Oh dear – nother day, another conversation with Nelson McCausland on the Nolan Show. Despite temptations not to, I like Nelson – in fact I exchanged a few pleasant words with him in the Linenhall Library earlier this week. But when he gets on the airwaves, he really does talk some poppycock. Maybe he knows it’s poppycock and goes on speaking it just the same. Or maybe he believes it. Either way it’s poppycock.
This morning he was on talking about Jeremy Corbyn and the appalling fact that he had, in the past, republican sympathies, that he believed in a united Ireland, that he met with Irish republicans. Pretty awful, eh? The fact is, Jeremy Corbyn and a number of other people, including Fr Alex Reid and John Hume, talked to republicans during the Troubles. Why? Because they knew that republicans were engaged in violence as a last resort – there seemed no other option. The way to keep the violence going was to stay well away from those thus engaged. The rational – and courageous – thing to do was to talk to those thus involved and work with them to achieve conditions where they felt they could pursue their objectives without resort to violence.
Colum Eastwood has said t he thinks victims should not be used by politicians. I couldn’t agree more. But one of Nelson’s objections to Corbyn was that he attended a ceremony commemorating some IRA men who had been killed. Why raise the past and denigrate one section of people, if you’re not intent on furthering your political career on the back of past violence and those who suffered?
Near the end of our discussion, a man rang in telling me that I claimed victimhood for dead republican paramilitaries. The fact that I had made no such claim didn’t seem to bother him. But when I asked why so many hundreds, perhaps thousands of young men and women engaged in violence during the Troubles, the answer was ‘They had a choice’. Which of course was a way to avoid answering my question about why so many resorted to violence.
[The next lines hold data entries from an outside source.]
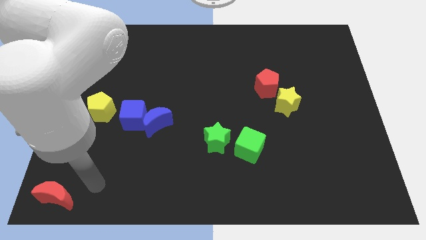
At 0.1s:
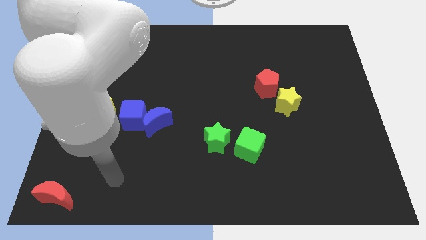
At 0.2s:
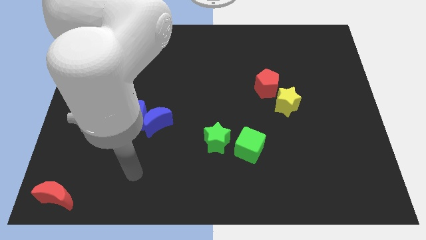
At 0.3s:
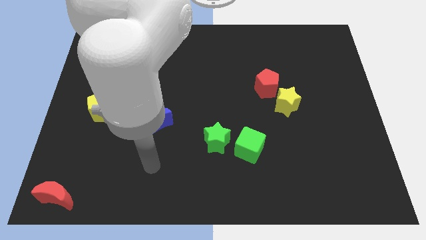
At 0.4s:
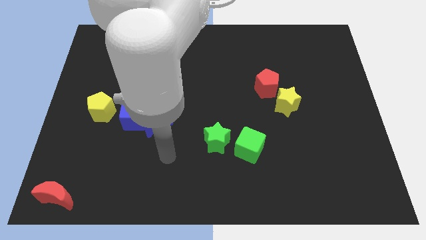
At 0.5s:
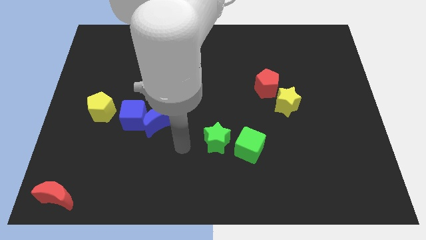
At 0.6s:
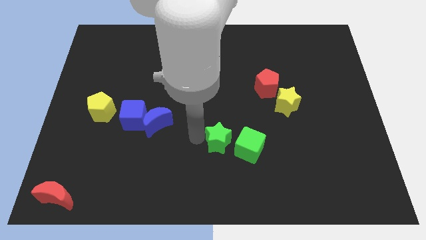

Except you believe that a communal blood-lust suddenly descended on hundreds of young men and women, driving them to go out and murder people, you have to accept that the experience of Catholics in our NEN for the first fifty years of its existence, was one of blatant gerrymandering and discrimination, which was followed by violence at the hands of British soldiers and the RUC. As Paul McCartney sang in his (quickly banned) song:
“Tell me how would you like it
If on your way to work
You were stopped by Irish soldiers
Would you lie down, do nothing,
Would you give in, or go berserk?”
As a British subject, I wonder what Nelson would have done in the situation sketched by McCartney?